Former trade minister calls for cuts to public pay and pensions

2 Oct 09
Former trade minister and CBI director general Lord Digby Jones said cuts had to be made in public sector pay and pensions
By Paul Gosling

2 October 2009

Former trade minister and CBI director general Lord Digby Jones said cuts had to be made in public sector pay and pensions.

He warned delegates at CIPFA’s Northern Ireland conference that failure to address the growing gap between public and private sector rewards would create social tension.

‘We are heading towards an apartheid,’ said Jones. ‘If we are not careful we are going to get an ever-decreasing private sector to pay the tax in order to have an inefficient public sector.

‘What will happen, fundamentally, is
that it will come apart and we will get social division, which is not going to be very pleasant.’

Jones said that the traditional argument for better public sector pensions was that pay lagged behind that of the private sector – but median public sector pay was now £700 a year higher than in the private sector.

‘The public sector has caught up. So where is the logic for them to have a significantly better pension, which the private sector has to pay for?’ Jones asked. ‘It can’t go on. We can’t afford it.’

Jones praised the improvement programmes implemented by local government. ‘I think the change in local authorities in Great Britain has been fabulous,’ he said.
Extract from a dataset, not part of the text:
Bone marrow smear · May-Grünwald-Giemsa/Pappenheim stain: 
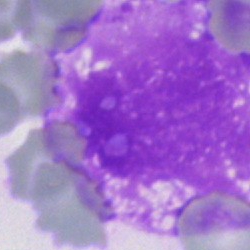 Q: What is shown here?
A: An artifact.

Jones added that the forthcoming rationalisation of district councils in Northern Ireland should be recognised as an opportunity to create a single back-office service for all the councils.

‘The problem with that is that lots and lots of jobs go in the back office. But that is how you save money.’

Another opportunity for large cost savings would be achieved by reducing the number of MPs, added Jones. The large number of MPs reflected the time when they had to travel to their constituencies by horse and carriage.

‘We are still running Westminster in the way we did 150 years ago. We have a structure of government that is not fit for the twenty-first century.

‘The system of delivery needs to fundamentally change,’ he added.